Bliźniacze słońca i kosmoport Tatooine to tylko kilka z najwspanialszych momentów piątego odcinka pierwszego sezonu aktorskiego serialu The Mandalorian.

W tym odcinku Mandalorianin przenosi nas z powrotem do miejsca, w którym wszystko się zaczęło ponad 40 lat temu - do słonecznych piasków planety Tatooine. Wiele jednak się tutaj zmieniło, odkąd Luke Skywalker i jego przyjaciele ścigali się wokół Żebraczego Kanionu i trwonili czas na stacji Tosche. Długie ramię imperialnego prawa nie rozciąga się już na tę planetę, znajdującej się daleko od centrum wszechświata.

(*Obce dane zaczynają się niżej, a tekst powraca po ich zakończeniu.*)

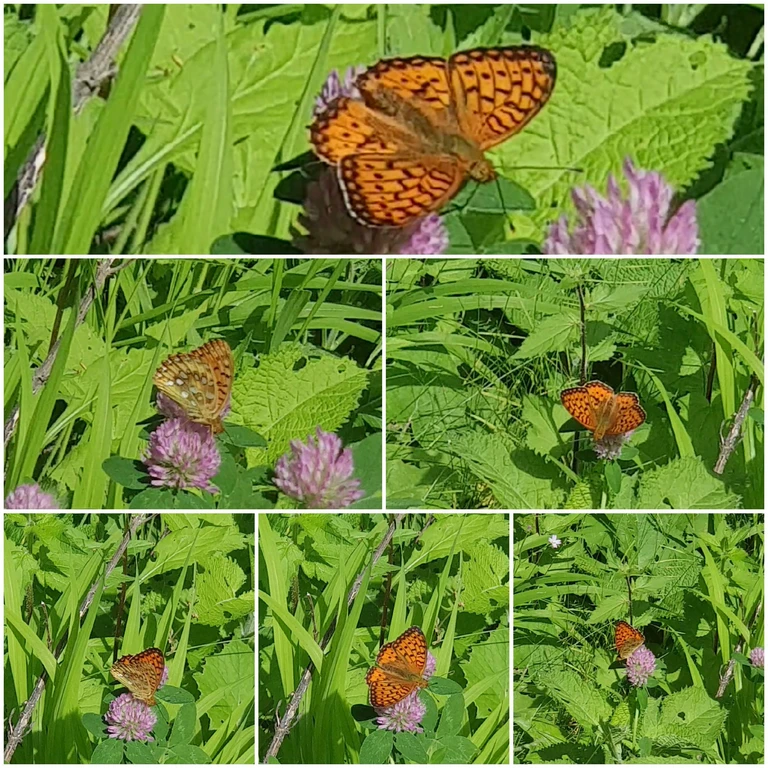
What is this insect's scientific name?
Speyeria aglaja
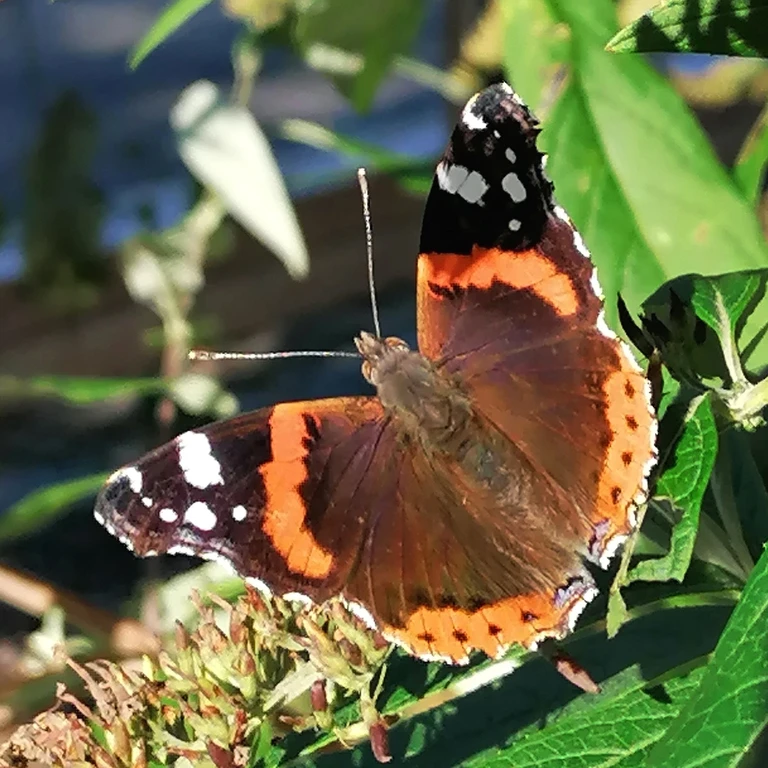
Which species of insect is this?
Vanessa atalanta
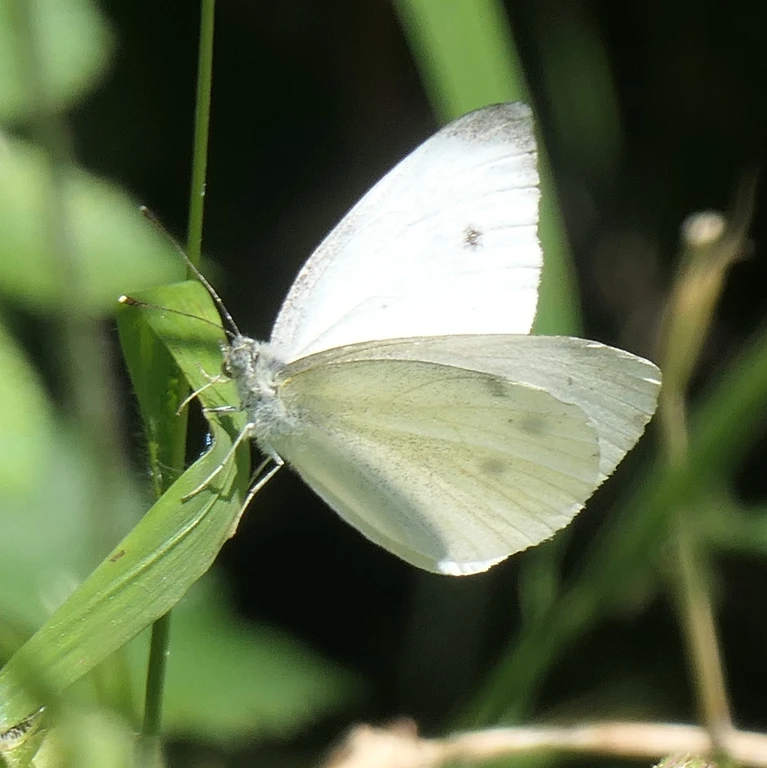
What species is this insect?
Pieris rapae
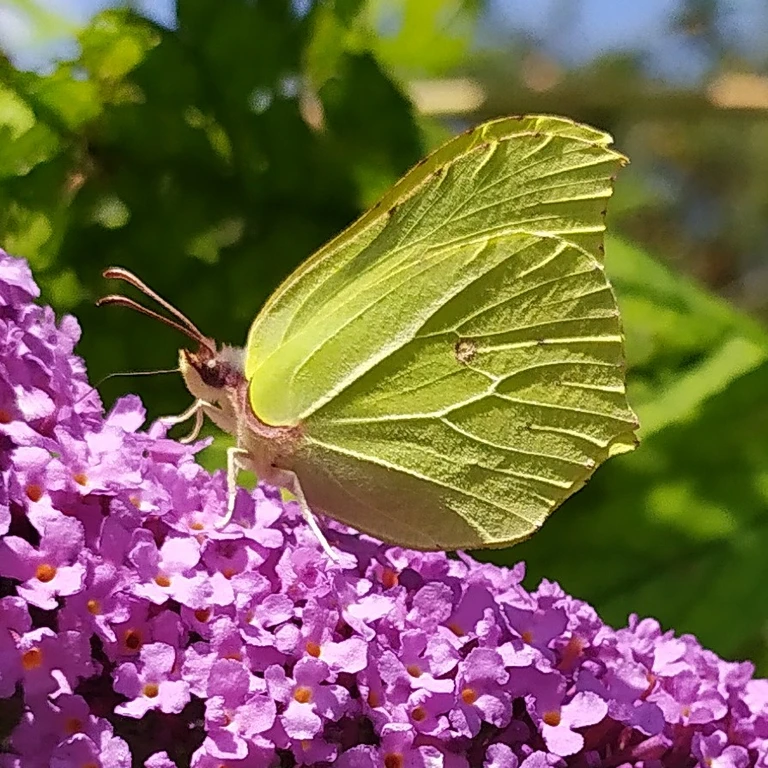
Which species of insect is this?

Oto lista siedmiu naszych ulubionych momentów z odcinka The Gunslinger.
1. To moja kwestia.
Komediowość oparta o szybkie dialogi jest jedną z cech charakterystycznych narracji Gwiezdnych Wojen, jak również często cytowanych dowcipów, które dodają tak bardzo potrzebnej lekkości w surowym tle całej galaktyki będącej w konflikcie. Mandalorianin może zechcieć zmierzyć się z Gildią Łowców Nagród i ponownie zawiesić na włosku życie Dziecka, ale nie powinieneś kraść jego kwestii. To go po prostu denerwuje.

2. Bliźniacze słońca.
W galaktyce Gwiezdnych wojen jest wiele planet charakteryzujących się pustynnym klimatem, wiele z nich również posiada wiele słońc i księżyców, ale jest tylko jedna Tatooine. Po raz pierwszy w serialu lądujemy w znajomym otoczeniu portu kosmicznego Mos Eisley. Nie było wątpliwości, że Mandalorianin był w pełni zakorzeniony w tradycji Gwiezdnych wojen, ale ten powrót do miejsca, w którym wszystko się zaczęło, wydaje się być powrotem do domu.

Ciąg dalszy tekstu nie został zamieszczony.